● **Work to be completed**: The reply should repeat all of the data word for word, with no pictures.

● **Information supplied**:
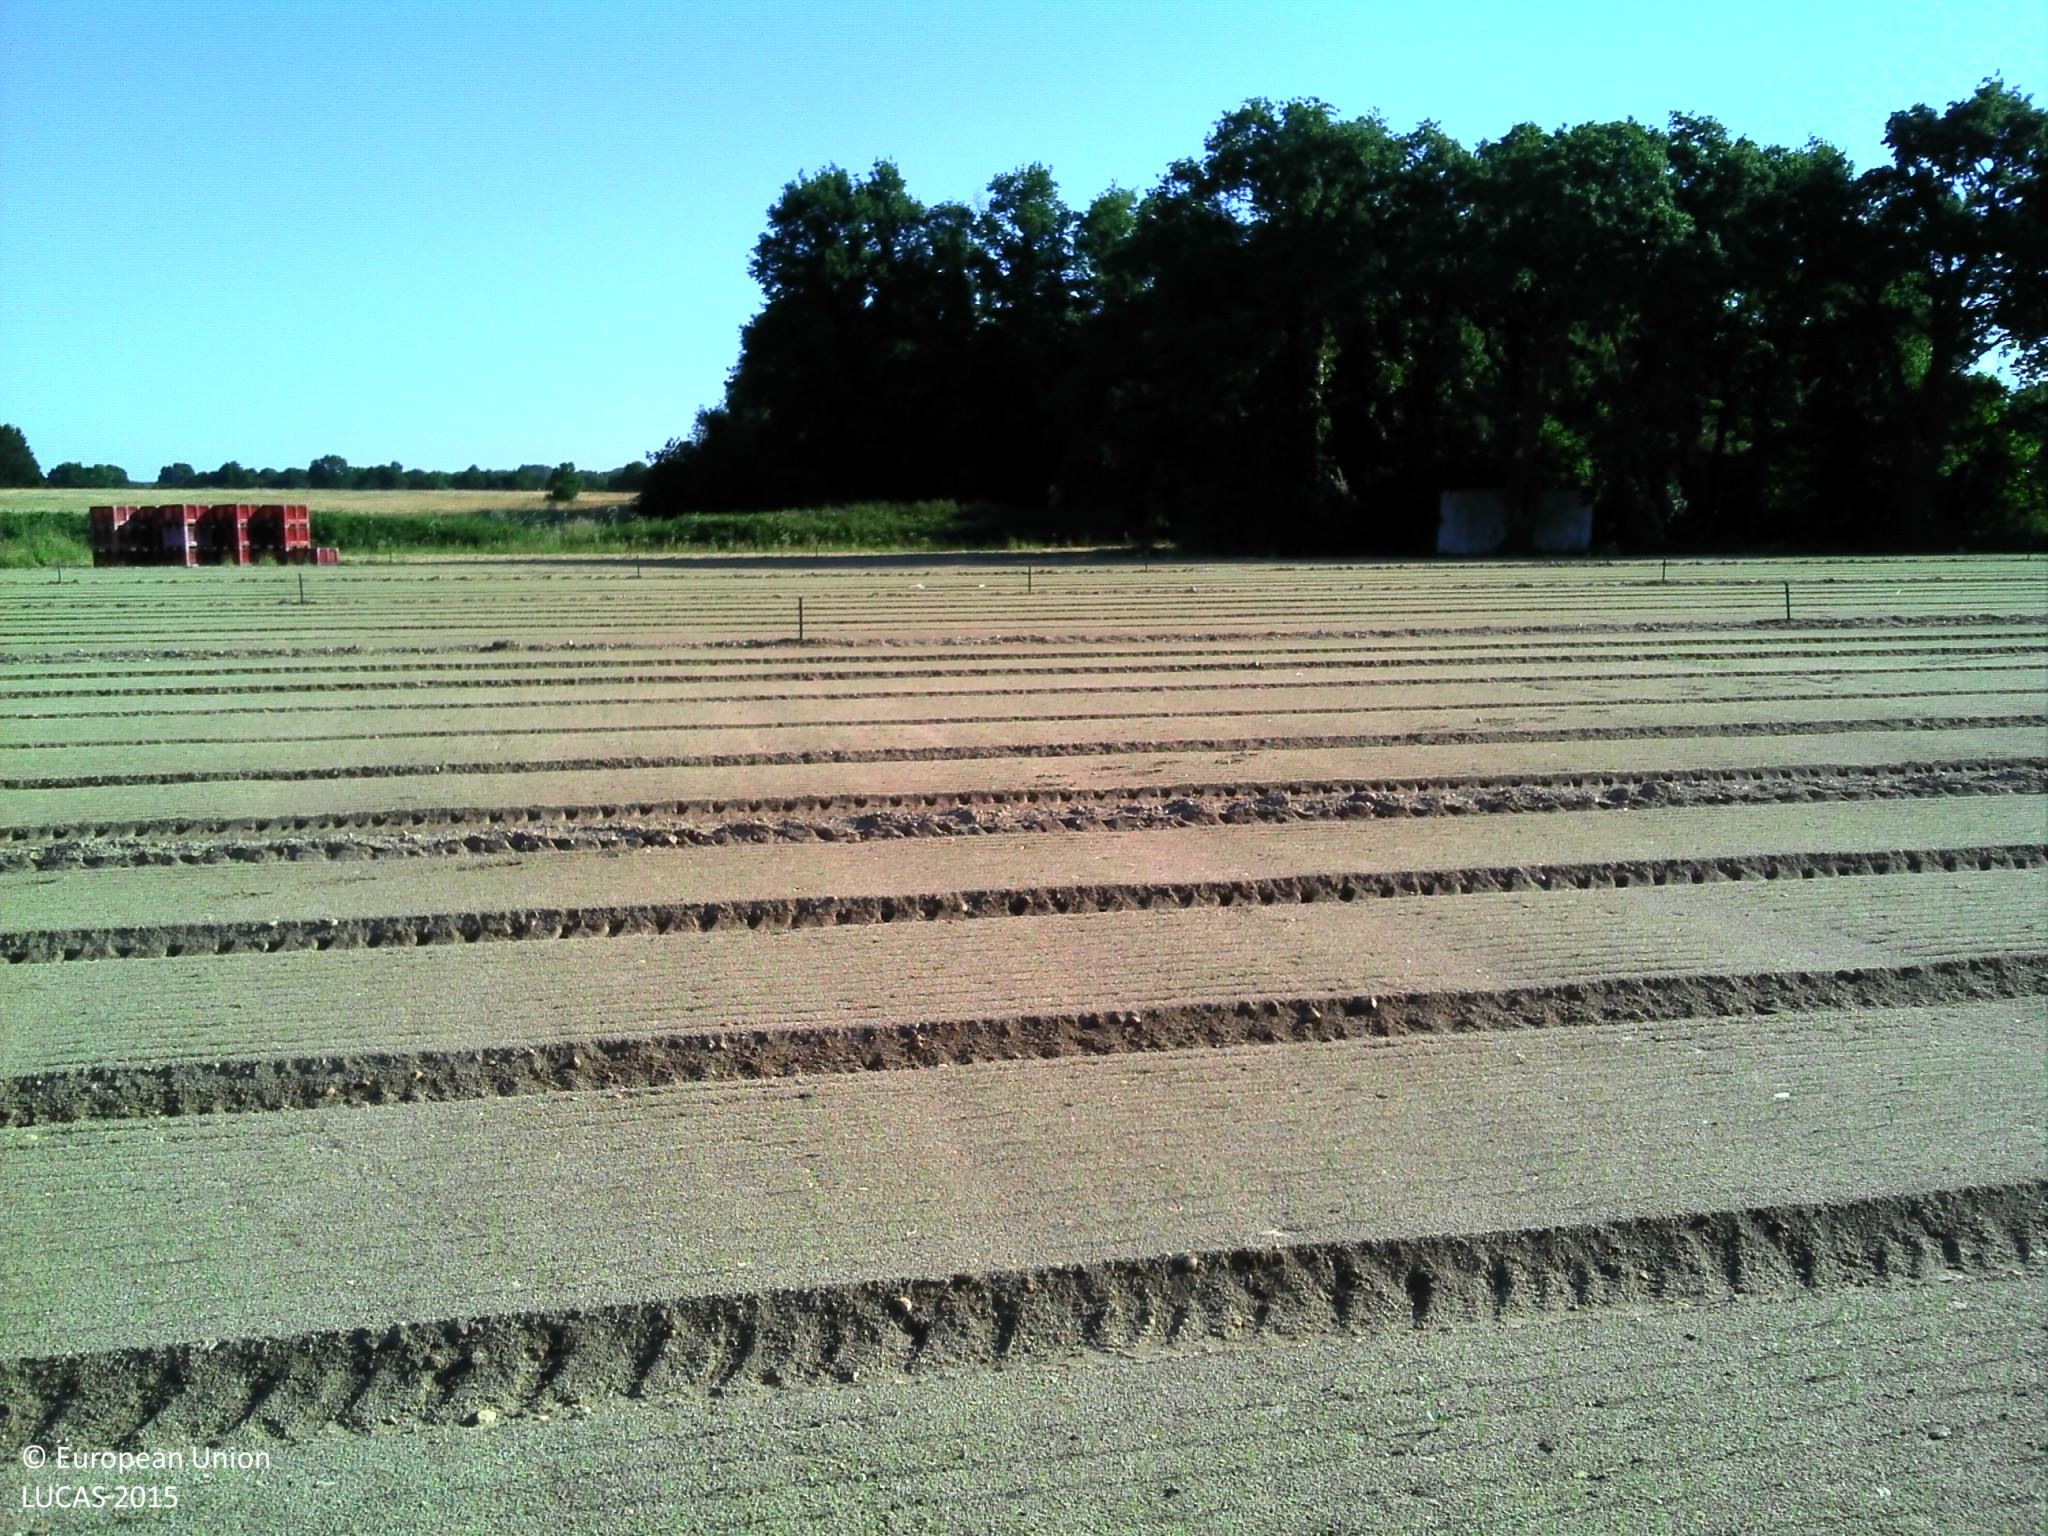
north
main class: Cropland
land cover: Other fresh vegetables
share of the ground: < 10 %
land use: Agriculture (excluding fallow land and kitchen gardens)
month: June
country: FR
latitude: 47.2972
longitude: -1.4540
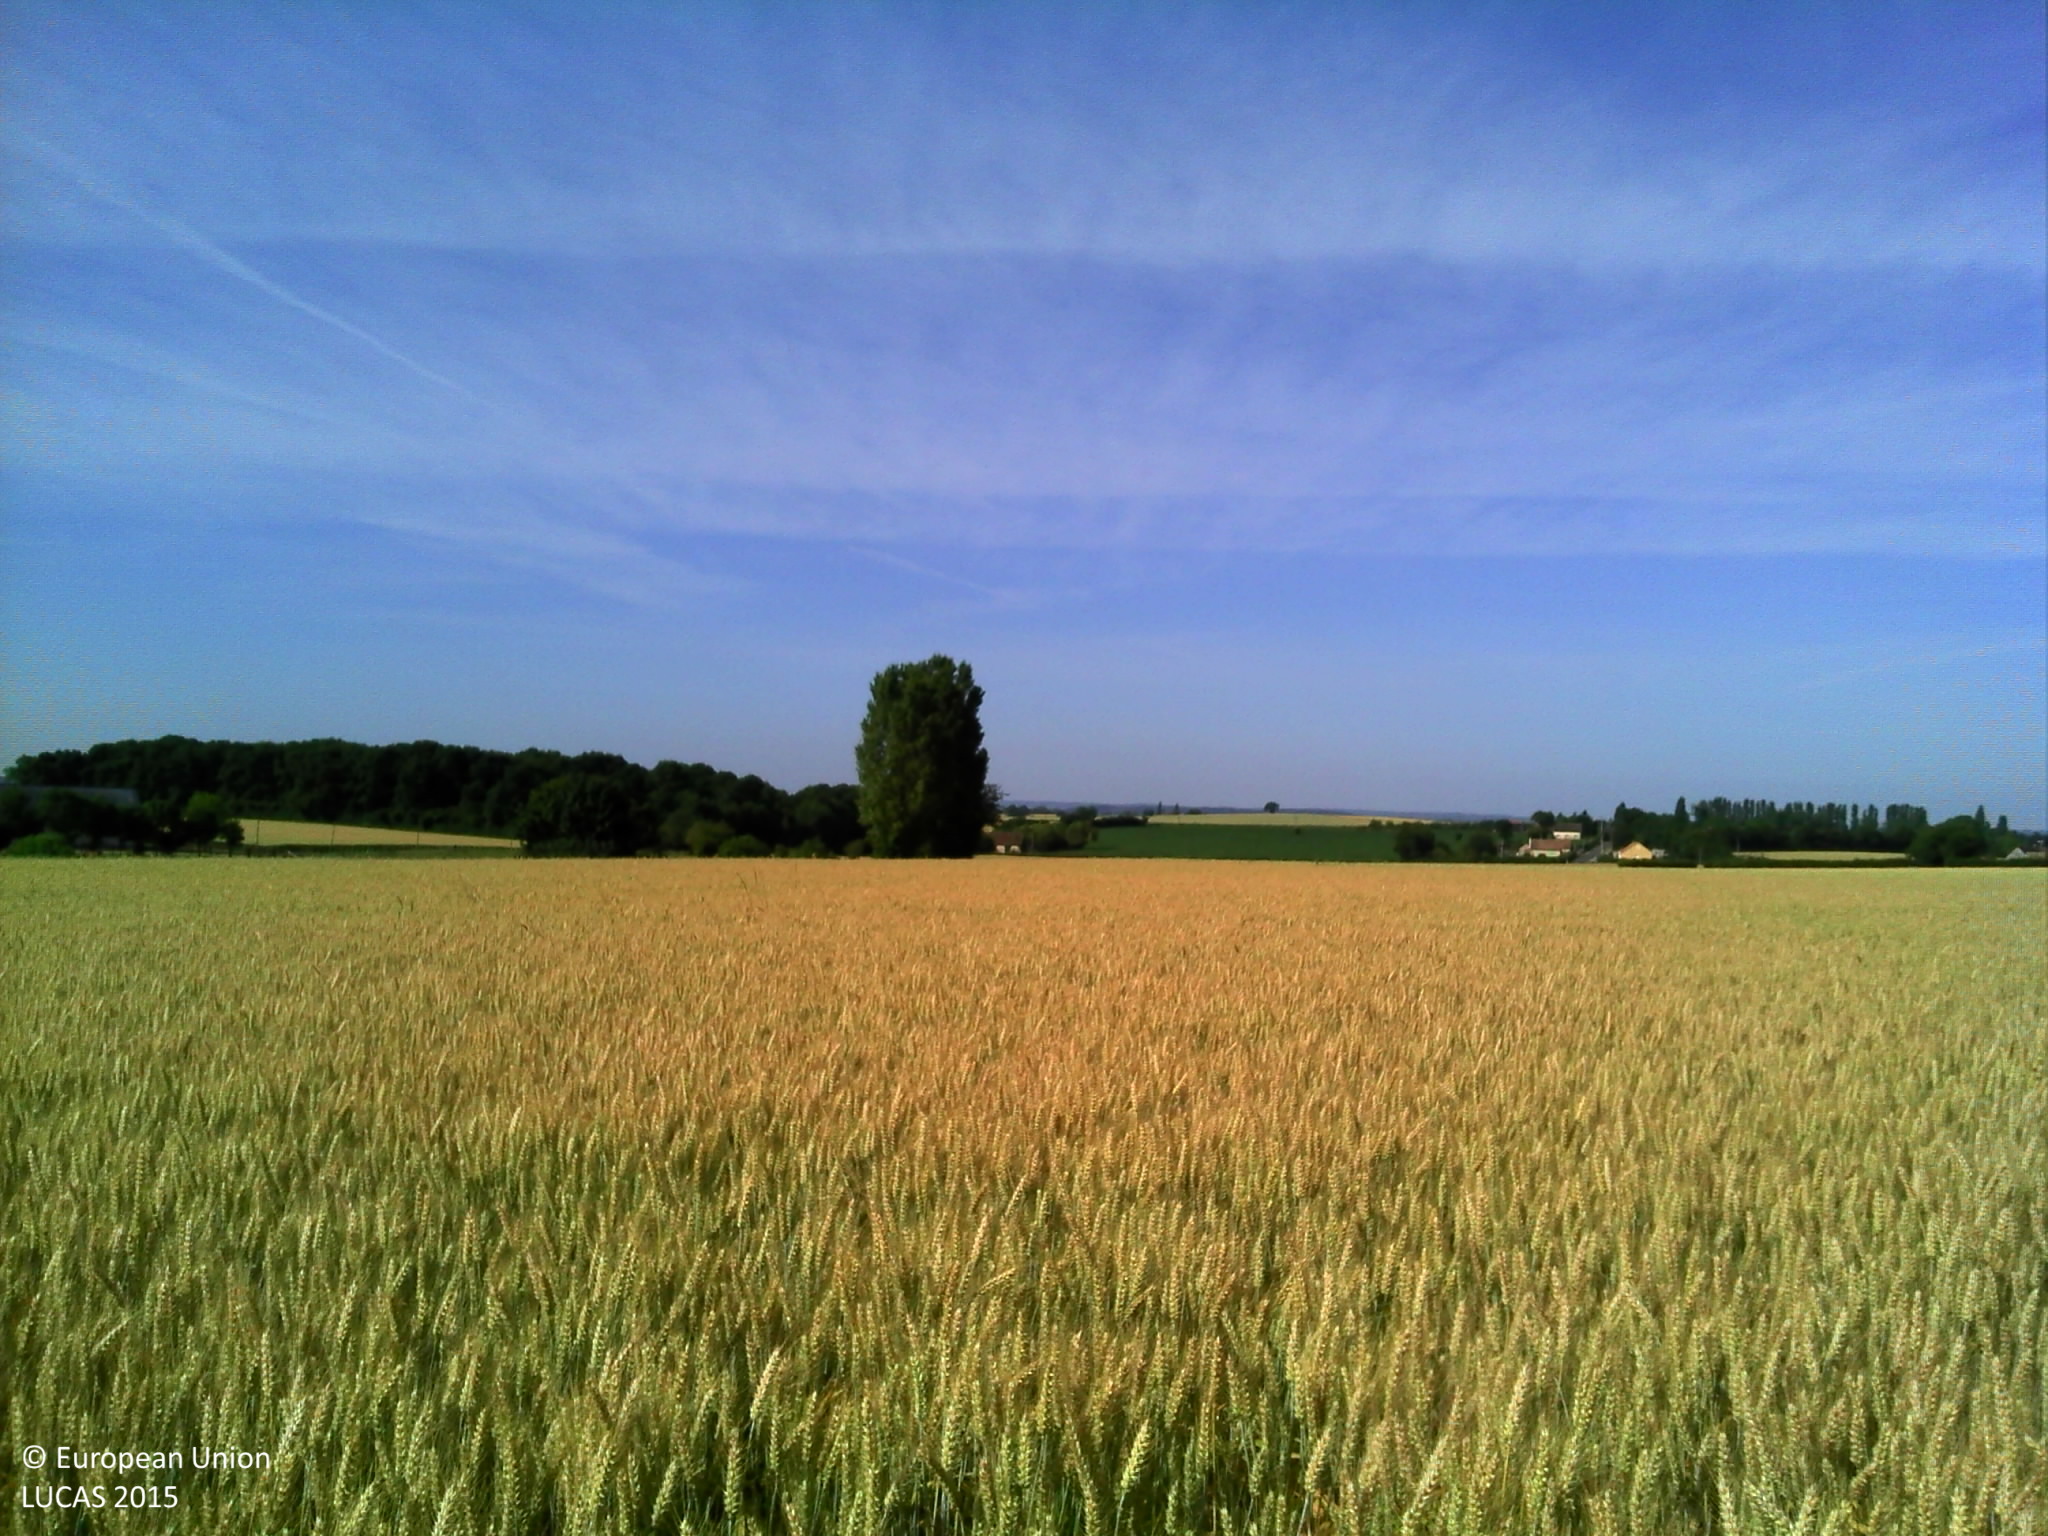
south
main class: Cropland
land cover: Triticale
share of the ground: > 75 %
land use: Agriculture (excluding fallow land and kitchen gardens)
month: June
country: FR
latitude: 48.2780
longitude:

● **Response**:
north
main class: Cropland
land cover: Other fresh vegetables
share of the ground: < 10 %
land use: Agriculture (excluding fallow land and kitchen gardens)
month: June
country: FR
latitude: 47.2972
longitude: -1.4540
south
main class: Cropland
land cover: Triticale
share of the ground: > 75 %
land use: Agriculture (excluding fallow land and kitchen gardens)
month: June
country: FR
latitude: 48.2780
longitude:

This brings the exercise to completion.